> **Exercise prompt**
Extract all data as written.

> **Recorded data**

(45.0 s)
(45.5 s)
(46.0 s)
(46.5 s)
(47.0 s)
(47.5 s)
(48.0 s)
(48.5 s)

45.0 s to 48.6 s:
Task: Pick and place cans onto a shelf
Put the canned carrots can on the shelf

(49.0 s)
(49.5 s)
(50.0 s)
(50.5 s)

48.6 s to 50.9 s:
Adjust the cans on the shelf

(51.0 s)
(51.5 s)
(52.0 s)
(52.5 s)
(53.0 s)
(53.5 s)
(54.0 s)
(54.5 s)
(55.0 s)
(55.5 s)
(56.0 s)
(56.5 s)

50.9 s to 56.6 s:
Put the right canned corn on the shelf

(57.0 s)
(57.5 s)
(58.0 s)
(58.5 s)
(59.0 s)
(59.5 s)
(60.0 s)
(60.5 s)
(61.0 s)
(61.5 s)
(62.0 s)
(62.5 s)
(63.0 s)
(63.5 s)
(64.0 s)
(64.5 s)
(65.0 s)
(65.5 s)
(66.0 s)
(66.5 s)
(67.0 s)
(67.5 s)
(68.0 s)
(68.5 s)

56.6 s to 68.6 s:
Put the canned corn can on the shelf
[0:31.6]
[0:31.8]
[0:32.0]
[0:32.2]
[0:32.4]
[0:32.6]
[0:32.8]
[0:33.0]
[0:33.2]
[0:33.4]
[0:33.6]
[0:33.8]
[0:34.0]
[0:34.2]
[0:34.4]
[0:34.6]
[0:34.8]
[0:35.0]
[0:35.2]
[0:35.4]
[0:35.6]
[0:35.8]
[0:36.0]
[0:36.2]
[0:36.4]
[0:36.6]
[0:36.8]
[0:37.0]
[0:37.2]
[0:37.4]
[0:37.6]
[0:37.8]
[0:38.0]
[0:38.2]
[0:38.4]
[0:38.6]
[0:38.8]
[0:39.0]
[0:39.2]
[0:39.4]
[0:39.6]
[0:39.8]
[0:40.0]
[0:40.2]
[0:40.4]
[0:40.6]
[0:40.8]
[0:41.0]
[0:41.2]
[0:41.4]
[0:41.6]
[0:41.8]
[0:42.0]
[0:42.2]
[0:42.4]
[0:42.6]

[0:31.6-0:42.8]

> **Exercise result**
(45.0 s)
(45.5 s)
(46.0 s)
(46.5 s)
(47.0 s)
(47.5 s)
(48.0 s)
(48.5 s)

45.0 s to 48.6 s:
Task: Pick and place cans onto a shelf
Put the canned carrots can on the shelf

(49.0 s)
(49.5 s)
(50.0 s)
(50.5 s)

48.6 s to 50.9 s:
Adjust the cans on the shelf

(51.0 s)
(51.5 s)
(52.0 s)
(52.5 s)
(53.0 s)
(53.5 s)
(54.0 s)
(54.5 s)
(55.0 s)
(55.5 s)
(56.0 s)
(56.5 s)

50.9 s to 56.6 s:
Put the right canned corn on the shelf

(57.0 s)
(57.5 s)
(58.0 s)
(58.5 s)
(59.0 s)
(59.5 s)
(60.0 s)
(60.5 s)
(61.0 s)
(61.5 s)
(62.0 s)
(62.5 s)
(63.0 s)
(63.5 s)
(64.0 s)
(64.5 s)
(65.0 s)
(65.5 s)
(66.0 s)
(66.5 s)
(67.0 s)
(67.5 s)
(68.0 s)
(68.5 s)

56.6 s to 68.6 s:
Put the canned corn can on the shelf
[0:31.6]
[0:31.8]
[0:32.0]
[0:32.2]
[0:32.4]
[0:32.6]
[0:32.8]
[0:33.0]
[0:33.2]
[0:33.4]
[0:33.6]
[0:33.8]
[0:34.0]
[0:34.2]
[0:34.4]
[0:34.6]
[0:34.8]
[0:35.0]
[0:35.2]
[0:35.4]
[0:35.6]
[0:35.8]
[0:36.0]
[0:36.2]
[0:36.4]
[0:36.6]
[0:36.8]
[0:37.0]
[0:37.2]
[0:37.4]
[0:37.6]
[0:37.8]
[0:38.0]
[0:38.2]
[0:38.4]
[0:38.6]
[0:38.8]
[0:39.0]
[0:39.2]
[0:39.4]
[0:39.6]
[0:39.8]
[0:40.0]
[0:40.2]
[0:40.4]
[0:40.6]
[0:40.8]
[0:41.0]
[0:41.2]
[0:41.4]
[0:41.6]
[0:41.8]
[0:42.0]
[0:42.2]
[0:42.4]
[0:42.6]

[0:31.6-0:42.8]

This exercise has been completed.